__Your goal__.
An exact copy of every entry is needed here; the images stay out.

__Provided data__.
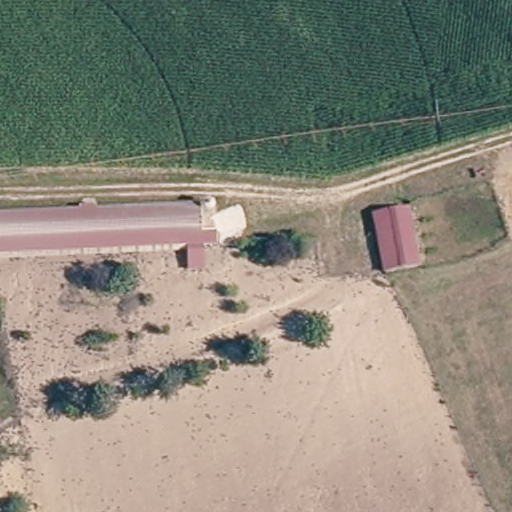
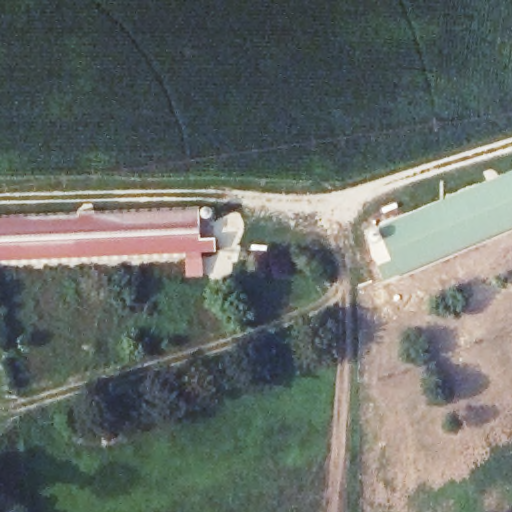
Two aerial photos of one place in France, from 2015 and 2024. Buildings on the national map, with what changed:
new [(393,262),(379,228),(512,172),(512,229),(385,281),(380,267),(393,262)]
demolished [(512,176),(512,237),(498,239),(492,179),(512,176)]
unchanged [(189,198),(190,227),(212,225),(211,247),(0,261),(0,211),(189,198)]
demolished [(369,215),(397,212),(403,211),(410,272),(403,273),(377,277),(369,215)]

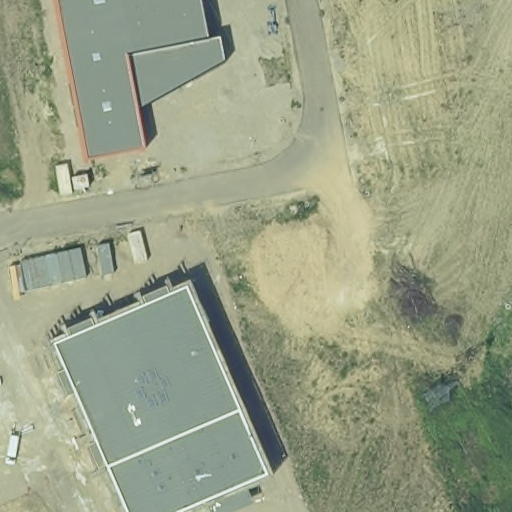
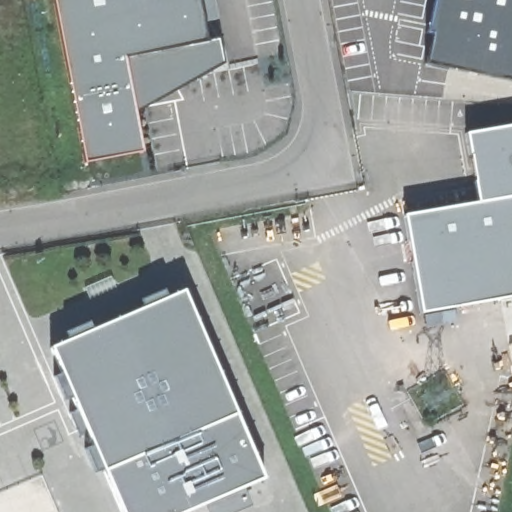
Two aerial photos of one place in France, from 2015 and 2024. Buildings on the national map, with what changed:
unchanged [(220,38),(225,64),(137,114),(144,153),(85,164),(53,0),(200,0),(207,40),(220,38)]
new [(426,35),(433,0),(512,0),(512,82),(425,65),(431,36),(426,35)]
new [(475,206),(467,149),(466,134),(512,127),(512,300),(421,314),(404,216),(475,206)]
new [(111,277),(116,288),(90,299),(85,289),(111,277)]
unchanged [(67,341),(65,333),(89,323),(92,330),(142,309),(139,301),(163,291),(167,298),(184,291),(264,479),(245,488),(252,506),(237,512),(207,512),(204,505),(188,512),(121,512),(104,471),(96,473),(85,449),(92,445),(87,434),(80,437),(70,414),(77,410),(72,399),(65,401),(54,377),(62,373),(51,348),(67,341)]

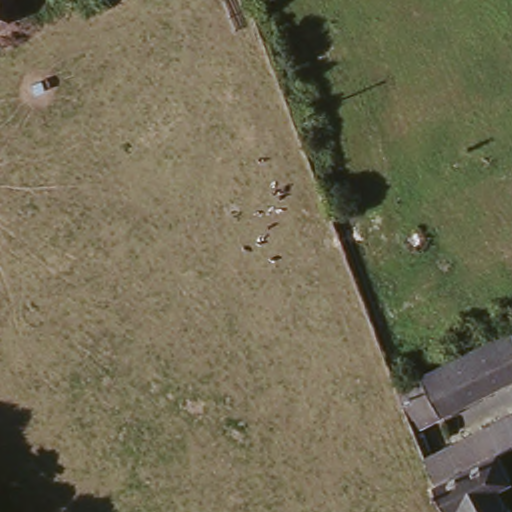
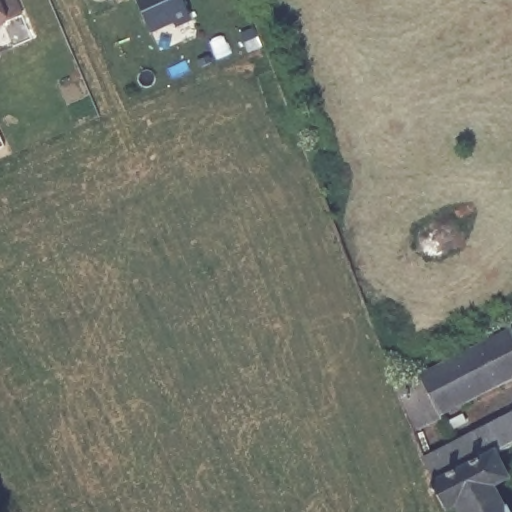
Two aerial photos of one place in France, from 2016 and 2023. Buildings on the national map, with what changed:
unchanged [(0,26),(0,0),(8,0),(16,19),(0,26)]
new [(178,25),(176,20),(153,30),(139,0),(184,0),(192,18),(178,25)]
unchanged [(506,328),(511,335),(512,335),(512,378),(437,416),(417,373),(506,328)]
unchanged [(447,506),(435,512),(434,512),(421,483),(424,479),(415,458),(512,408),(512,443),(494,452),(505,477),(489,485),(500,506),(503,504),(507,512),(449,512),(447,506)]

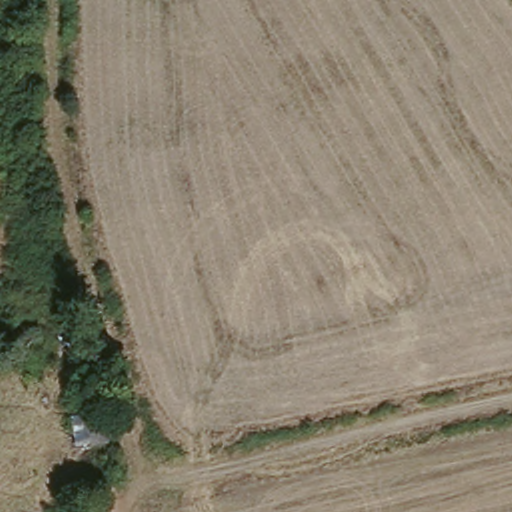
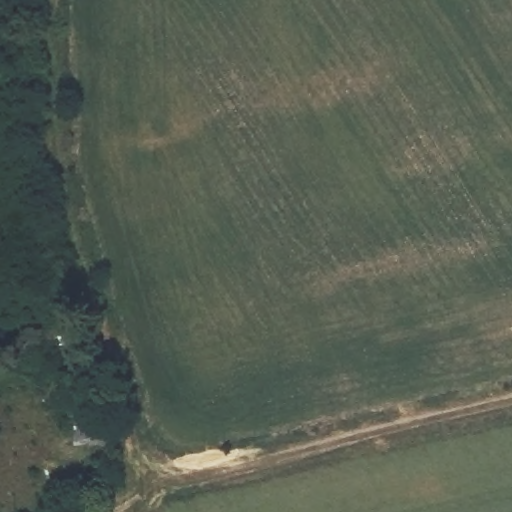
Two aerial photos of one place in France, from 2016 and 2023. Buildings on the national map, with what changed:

__Answer__.
Two aerial photos of one place in France, from 2015 and 2024. Buildings on the national map, with what changed:
new [(393,262),(379,228),(512,172),(512,229),(385,281),(380,267),(393,262)]
demolished [(512,176),(512,237),(498,239),(492,179),(512,176)]
unchanged [(189,198),(190,227),(212,225),(211,247),(0,261),(0,211),(189,198)]
demolished [(369,215),(397,212),(403,211),(410,272),(403,273),(377,277),(369,215)]

Two aerial photos of one place in France, from 2015 and 2024. Buildings on the national map, with what changed:
unchanged [(220,38),(225,64),(137,114),(144,153),(85,164),(53,0),(200,0),(207,40),(220,38)]
new [(426,35),(433,0),(512,0),(512,82),(425,65),(431,36),(426,35)]
new [(475,206),(467,149),(466,134),(512,127),(512,300),(421,314),(404,216),(475,206)]
new [(111,277),(116,288),(90,299),(85,289),(111,277)]
unchanged [(67,341),(65,333),(89,323),(92,330),(142,309),(139,301),(163,291),(167,298),(184,291),(264,479),(245,488),(252,506),(237,512),(207,512),(204,505),(188,512),(121,512),(104,471),(96,473),(85,449),(92,445),(87,434),(80,437),(70,414),(77,410),(72,399),(65,401),(54,377),(62,373),(51,348),(67,341)]

Two aerial photos of one place in France, from 2016 and 2023. Buildings on the national map, with what changed:
unchanged [(0,26),(0,0),(8,0),(16,19),(0,26)]
new [(178,25),(176,20),(153,30),(139,0),(184,0),(192,18),(178,25)]
unchanged [(506,328),(511,335),(512,335),(512,378),(437,416),(417,373),(506,328)]
unchanged [(447,506),(435,512),(434,512),(421,483),(424,479),(415,458),(512,408),(512,443),(494,452),(505,477),(489,485),(500,506),(503,504),(507,512),(449,512),(447,506)]

Two aerial photos of one place in France, from 2016 and 2023. Buildings on the national map, with what changed:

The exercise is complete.